What now is I’m worried about her looking for someone to fill in the empty spaces, the lonely places that exist because she doesn’t completely believe that she is… enough.  I’m worried that she needs someone to “complete” her or validate her.  My ex-husband had me convinced that I was just never going to be enough for anyone.  That place of inadequacy is an awful place for your head to reside.  He reminded me often that I was divorced, had two young kids, was too tall, too skinny, that my hair was too curly, my eyes were just brown, I had an angry looking C-section scar, I was too opinionated, and too independent… I was just too.  He forgot to mention that I was just too damn expansive for him to comprehend and therefore appreciate, but that was for me to figure out.  Unfortunately, before I fully came to that realization, the door opened just a crack for the next relationship to float in on silver-lined wings… because he was so “different” from my ex-husband.  It turns out that while he was certainly different, that didn’t prevent him from putting himself first, or not cherishing the love that I freely gave nor did it prevent me from tolerating a fair amount of nonsense because I was still recovering from a mild Celie complex.  
We’ve all loved people that didn’t deserve a look from our direction.  We bend and contort ourselves to an image that might hasten the attainment of that crystal stair that we’ve been previously denied.  These are things that I never wanted for my daughter.  So, when my ex convinced our baby girl, not by his words but by his deeds, that she was also… just too, I did the only thing I knew how to and turned on the generic self-love advice.  

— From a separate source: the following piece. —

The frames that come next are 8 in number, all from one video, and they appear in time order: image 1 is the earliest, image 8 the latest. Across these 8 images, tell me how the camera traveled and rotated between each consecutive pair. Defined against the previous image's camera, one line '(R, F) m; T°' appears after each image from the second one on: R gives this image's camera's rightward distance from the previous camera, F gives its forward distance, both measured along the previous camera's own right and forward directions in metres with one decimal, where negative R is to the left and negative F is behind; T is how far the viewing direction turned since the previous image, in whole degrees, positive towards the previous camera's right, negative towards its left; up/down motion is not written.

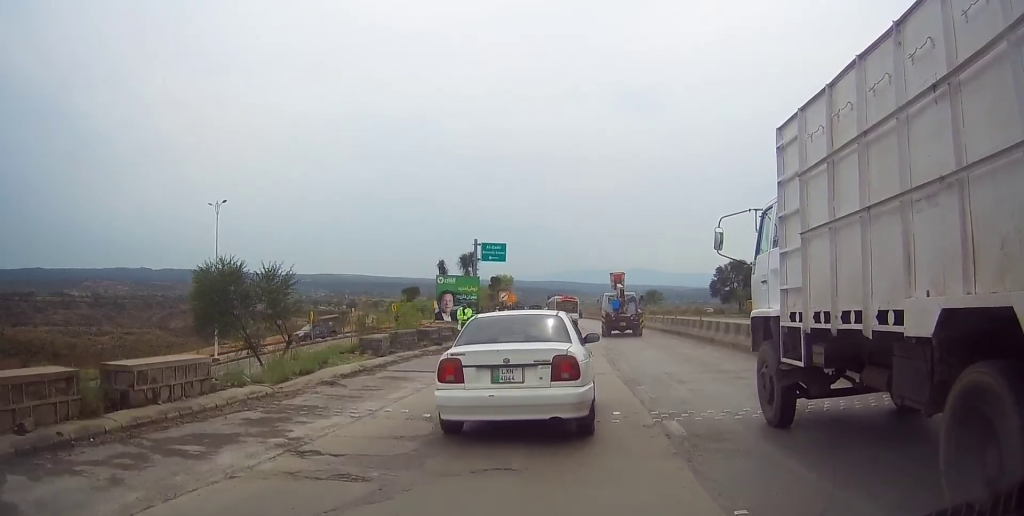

She. Saw. Through. Me. To. The. Raw. Spot.
I promised myself, and her, this morning on the 6 train that I’d find a way to fill in her gaps and spaces, as well as mine, and knock it off with the hokey, generic self-love advice.  I know that we Black girls are born with lemons in our hands.  We just choose different recipes to make our lemonade.  I think I need to add honey… 
Have a WayBeyondZ Day, my loves!

“I believe when life gives you lemons, you should make lemonade...and try to find someone whose life has given them vodka, and have a party.”